Analysis of data between January 1, 2015 and December 31, 2020 shows that only 3% of people involved in such falls survive with injuries. In the said period, 5,568 people fell into either a manhole or a pit, of whom only 175 survived with injuries, the remaining 97% (5,393) died after they fell.

Advocate Clifton Rozario, said: “There’s a concept called absolute liability: Maintenance of manholes, sewers, and roads are all statutory duties of the state’s authorities, which is why we pay tax and we have governments and bureaucracy. So when someone dies because of an open manhole or gets electrocuted because of an unattended live wire, it should be the responsibility of the authorities. All these deaths are preventable. ”
Not only are they liable to compensate the families of victims monetarily but they are also criminally liable, Rozario said, adding that such deaths, therefore, are deaths caused by negligence or dereliction of duty.
While the data shows that 2020 saw a 16% reduction in such deaths compared to the previous year — 841 from 1,001 — there were still more than two deaths per day. Experts also pointed out that the deaths for the year have to be considered as high given that there was nearly no movement of people or vehicles for several months owing to restrictions imposed because of Covid-19.

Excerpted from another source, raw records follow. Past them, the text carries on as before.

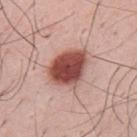On the mid back. Longest diameter approximately 5.5 mm. The total-body-photography lesion software estimated an average lesion color of about L≈49 a*≈26 b*≈26 (CIELAB), about 19 CIELAB-L* units darker than the surrounding skin, and a normalized border contrast of about 12.5. And it measured an automated nevus-likeness rating near 100 out of 100 and lesion-presence confidence of about 100/100. Captured under white-light illumination. A male patient aged approximately 35. Cropped from a total-body skin-imaging series; the visible field is about 15 mm.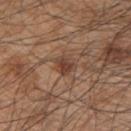Clinical impression:
Recorded during total-body skin imaging; not selected for excision or biopsy.
Background:
The lesion's longest dimension is about 3 mm. A male subject, aged approximately 45. From the back. A 15 mm close-up extracted from a 3D total-body photography capture. Captured under white-light illumination.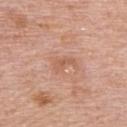biopsy_status: not biopsied; imaged during a skin examination
patient:
  sex: male
  age_approx: 75
image:
  source: total-body photography crop
  field_of_view_mm: 15
lighting: white-light
site: upper back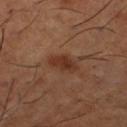Q: Was a biopsy performed?
A: catalogued during a skin exam; not biopsied
Q: What is the lesion's diameter?
A: ~3.5 mm (longest diameter)
Q: What kind of image is this?
A: ~15 mm tile from a whole-body skin photo
Q: Who is the patient?
A: male, approximately 65 years of age
Q: Lesion location?
A: the right thigh
Q: How was the tile lit?
A: cross-polarized illumination

Further, of all deaths caused by such falls in the said period, only around 14% were caused by people falling into manholes and the remaining 4,622 were caused by falls into pits.
MG Devasahayam, a former IAS officer with extensive experience in UDD and presently working on urban issues in Tamil Nadu, said: “Given that this is clearly a governance issue, it is important to fix accountability. Therefore, it becomes necessary that we first classify these deaths appropriately. As long as we call them accidental falls, there is going to be no change in the scenario on the ground.”
He added that with roads being integrated structures, several departments are accountable for their quality and that most governments pay little or no attention to the kind of corruption that happens in municipal departments. “We always try and find mistakes made by the pedestrians or motorists instead of looking at the problem — the existence of open manholes and pits,” he said.